3. Participatory Cataloging
Last fall I joined WGBH’s participatory cataloging project with a co-author, John Marx (WGBH archivist Karen Cariani discussed this project during the Symposium). We contributed metadata for two shows hosted by I. A. Richards during WBGH’s second season on-air in 1957-58. John and I had become interested in Richards as part of our project to explore the history of the American research university as a media institution. Richards, the “Father of new criticism,” was interesting to us precisely because he expressed prolific scorn for mass media as the antithesis of poetry, on the one hand, while, on the other, he worked steadily to make and promote alternative media, sometimes in service of poetry. This first episode of Sense of Poetry gives you a flavor for the results.
You can see more at OpenVault, where you can also read the metadata we wrote, and you can read more about our thoughts on Richards on our blog. To conclude this talk, I want to underscore that the success of WGBH’s project is attributable neither to cutting-edge technical development, nor to lavish funding, but rather to excellent organization. This is not to say that the technology or the funding is easy.
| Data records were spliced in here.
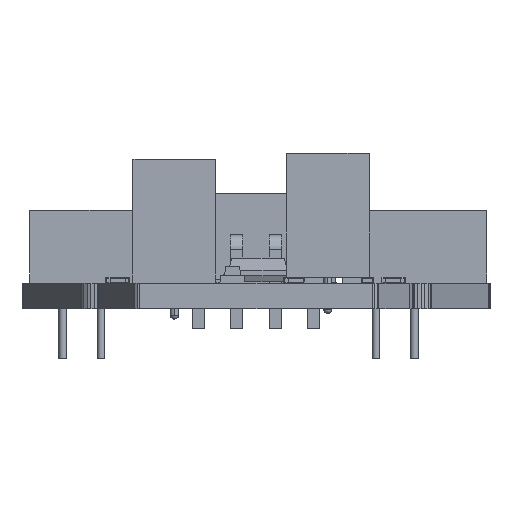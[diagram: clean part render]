
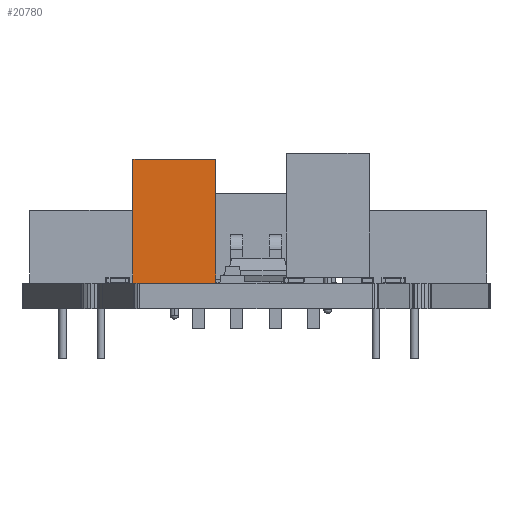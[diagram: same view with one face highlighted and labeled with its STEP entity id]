
A CAD part, left-side view. The second image highlights one B-rep face of the part: STEP entity #20780.
In plain terms, the highlighted face is planar.
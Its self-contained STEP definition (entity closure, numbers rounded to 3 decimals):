
#18949 = PLANE('',#18950);
#18950 = AXIS2_PLACEMENT_3D('',#18951,#18952,#18953);
#18951 = CARTESIAN_POINT('',(8.21,5.5,0.));
#18952 = DIRECTION('',(-1.,0.,0.));
#18953 = DIRECTION('',(0.,0.,1.));
#19210 = PLANE('',#19211);
#19211 = AXIS2_PLACEMENT_3D('',#19212,#19213,#19214);
#19212 = CARTESIAN_POINT('',(0.,5.5,0.));
#19213 = DIRECTION('',(1.,0.,0.));
#19214 = DIRECTION('',(0.,0.,-1.));
#19960 = VERTEX_POINT('',#19961);
#19961 = CARTESIAN_POINT('',(0.,0.,-9.41));
#19977 = PLANE('',#19978);
#19978 = AXIS2_PLACEMENT_3D('',#19979,#19980,#19981);
#19979 = CARTESIAN_POINT('',(0.,0.,0.));
#19980 = DIRECTION('',(0.,-1.,0.));
#19981 = DIRECTION('',(0.,0.,-1.));
#20018 = VERTEX_POINT('',#20019);
#20019 = CARTESIAN_POINT('',(0.,5.5,-9.41));
#20033 = PLANE('',#20034);
#20034 = AXIS2_PLACEMENT_3D('',#20035,#20036,#20037);
#20035 = CARTESIAN_POINT('',(0.,5.5,0.));
#20036 = DIRECTION('',(0.,-1.,0.));
#20037 = DIRECTION('',(0.,0.,-1.));
#20045 = EDGE_CURVE('',#20018,#19960,#20046,.T.);
#20046 = SURFACE_CURVE('',#20047,(#20051,#20058),.PCURVE_S1.);
#20047 = LINE('',#20048,#20049);
#20048 = CARTESIAN_POINT('',(0.,5.5,-9.41));
#20049 = VECTOR('',#20050,1.);
#20050 = DIRECTION('',(0.,-1.,0.));
#20051 = PCURVE('',#19210,#20052);
#20052 = DEFINITIONAL_REPRESENTATION('',(#20053),#20057);
#20053 = LINE('',#20054,#20055);
#20054 = CARTESIAN_POINT('',(9.41,0.));
#20055 = VECTOR('',#20056,1.);
#20056 = DIRECTION('',(0.,-1.));
#20057 = ( GEOMETRIC_REPRESENTATION_CONTEXT(2) 
PARAMETRIC_REPRESENTATION_CONTEXT() REPRESENTATION_CONTEXT('2D SPACE',''
  ) );
#20058 = PCURVE('',#20059,#20064);
#20059 = PLANE('',#20060);
#20060 = AXIS2_PLACEMENT_3D('',#20061,#20062,#20063);
#20061 = CARTESIAN_POINT('',(0.,5.5,-9.41));
#20062 = DIRECTION('',(0.,0.,1.));
#20063 = DIRECTION('',(1.,0.,0.));
#20064 = DEFINITIONAL_REPRESENTATION('',(#20065),#20069);
#20065 = LINE('',#20066,#20067);
#20066 = CARTESIAN_POINT('',(0.,0.));
#20067 = VECTOR('',#20068,1.);
#20068 = DIRECTION('',(0.,-1.));
#20069 = ( GEOMETRIC_REPRESENTATION_CONTEXT(2) 
PARAMETRIC_REPRESENTATION_CONTEXT() REPRESENTATION_CONTEXT('2D SPACE',''
  ) );
#20387 = VERTEX_POINT('',#20388);
#20388 = CARTESIAN_POINT('',(8.21,0.,-9.41));
#20409 = EDGE_CURVE('',#20410,#20387,#20412,.T.);
#20410 = VERTEX_POINT('',#20411);
#20411 = CARTESIAN_POINT('',(8.21,5.5,-9.41));
#20412 = SURFACE_CURVE('',#20413,(#20417,#20424),.PCURVE_S1.);
#20413 = LINE('',#20414,#20415);
#20414 = CARTESIAN_POINT('',(8.21,5.5,-9.41));
#20415 = VECTOR('',#20416,1.);
#20416 = DIRECTION('',(0.,-1.,0.));
#20417 = PCURVE('',#18949,#20418);
#20418 = DEFINITIONAL_REPRESENTATION('',(#20419),#20423);
#20419 = LINE('',#20420,#20421);
#20420 = CARTESIAN_POINT('',(-9.41,0.));
#20421 = VECTOR('',#20422,1.);
#20422 = DIRECTION('',(0.,-1.));
#20423 = ( GEOMETRIC_REPRESENTATION_CONTEXT(2) 
PARAMETRIC_REPRESENTATION_CONTEXT() REPRESENTATION_CONTEXT('2D SPACE',''
  ) );
#20424 = PCURVE('',#20059,#20425);
#20425 = DEFINITIONAL_REPRESENTATION('',(#20426),#20430);
#20426 = LINE('',#20427,#20428);
#20427 = CARTESIAN_POINT('',(8.21,0.));
#20428 = VECTOR('',#20429,1.);
#20429 = DIRECTION('',(0.,-1.));
#20430 = ( GEOMETRIC_REPRESENTATION_CONTEXT(2) 
PARAMETRIC_REPRESENTATION_CONTEXT() REPRESENTATION_CONTEXT('2D SPACE',''
  ) );
#20733 = EDGE_CURVE('',#20387,#19960,#20734,.T.);
#20734 = SURFACE_CURVE('',#20735,(#20739,#20746),.PCURVE_S1.);
#20735 = LINE('',#20736,#20737);
#20736 = CARTESIAN_POINT('',(0.,0.,-9.41));
#20737 = VECTOR('',#20738,1.);
#20738 = DIRECTION('',(-1.,0.,0.));
#20739 = PCURVE('',#19977,#20740);
#20740 = DEFINITIONAL_REPRESENTATION('',(#20741),#20745);
#20741 = LINE('',#20742,#20743);
#20742 = CARTESIAN_POINT('',(9.41,0.));
#20743 = VECTOR('',#20744,1.);
#20744 = DIRECTION('',(0.,-1.));
#20745 = ( GEOMETRIC_REPRESENTATION_CONTEXT(2) 
PARAMETRIC_REPRESENTATION_CONTEXT() REPRESENTATION_CONTEXT('2D SPACE',''
  ) );
#20746 = PCURVE('',#20059,#20747);
#20747 = DEFINITIONAL_REPRESENTATION('',(#20748),#20752);
#20748 = LINE('',#20749,#20750);
#20749 = CARTESIAN_POINT('',(0.,-5.5));
#20750 = VECTOR('',#20751,1.);
#20751 = DIRECTION('',(-1.,0.));
#20752 = ( GEOMETRIC_REPRESENTATION_CONTEXT(2) 
PARAMETRIC_REPRESENTATION_CONTEXT() REPRESENTATION_CONTEXT('2D SPACE',''
  ) );
#20780 = ADVANCED_FACE('',(#20781),#20059,.F.);
#20781 = FACE_BOUND('',#20782,.T.);
#20782 = EDGE_LOOP('',(#20783,#20784,#20785,#20806));
#20783 = ORIENTED_EDGE('',*,*,#20733,.T.);
#20784 = ORIENTED_EDGE('',*,*,#20045,.F.);
#20785 = ORIENTED_EDGE('',*,*,#20786,.F.);
#20786 = EDGE_CURVE('',#20410,#20018,#20787,.T.);
#20787 = SURFACE_CURVE('',#20788,(#20792,#20799),.PCURVE_S1.);
#20788 = LINE('',#20789,#20790);
#20789 = CARTESIAN_POINT('',(0.,5.5,-9.41));
#20790 = VECTOR('',#20791,1.);
#20791 = DIRECTION('',(-1.,0.,0.));
#20792 = PCURVE('',#20059,#20793);
#20793 = DEFINITIONAL_REPRESENTATION('',(#20794),#20798);
#20794 = LINE('',#20795,#20796);
#20795 = CARTESIAN_POINT('',(0.,0.));
#20796 = VECTOR('',#20797,1.);
#20797 = DIRECTION('',(-1.,0.));
#20798 = ( GEOMETRIC_REPRESENTATION_CONTEXT(2) 
PARAMETRIC_REPRESENTATION_CONTEXT() REPRESENTATION_CONTEXT('2D SPACE',''
  ) );
#20799 = PCURVE('',#20033,#20800);
#20800 = DEFINITIONAL_REPRESENTATION('',(#20801),#20805);
#20801 = LINE('',#20802,#20803);
#20802 = CARTESIAN_POINT('',(9.41,0.));
#20803 = VECTOR('',#20804,1.);
#20804 = DIRECTION('',(0.,-1.));
#20805 = ( GEOMETRIC_REPRESENTATION_CONTEXT(2) 
PARAMETRIC_REPRESENTATION_CONTEXT() REPRESENTATION_CONTEXT('2D SPACE',''
  ) );
#20806 = ORIENTED_EDGE('',*,*,#20409,.T.);

The genius of WGBH’s project, however, lies in the challenging and ongoing people-work of identifying researchers and encouraging them to do something slightly different than they typically do–that is, to conceive catalog description as one of the results of research as opposed to the starting point for it.
Of course, archivists have long known that good descriptions of rich media required research. What’s new here is not the work, but the division of it. And the reflection on it, which encourages us to think about how to reproduce such labor models in the future. Metadata creation is rapidly becoming part of every humanist’s job description, and it’s a good thing too. I am not proposing that there will cease to be a difference between, say, the job of historian and that of cataloger or coder. We will continue to need specializations–probably more of them–but we can, it seems to me, make some of the more alienating features of current division of labor obsolete as new digital research and publishing platforms shift of our sense both of the processes and the products of humanist inquiry.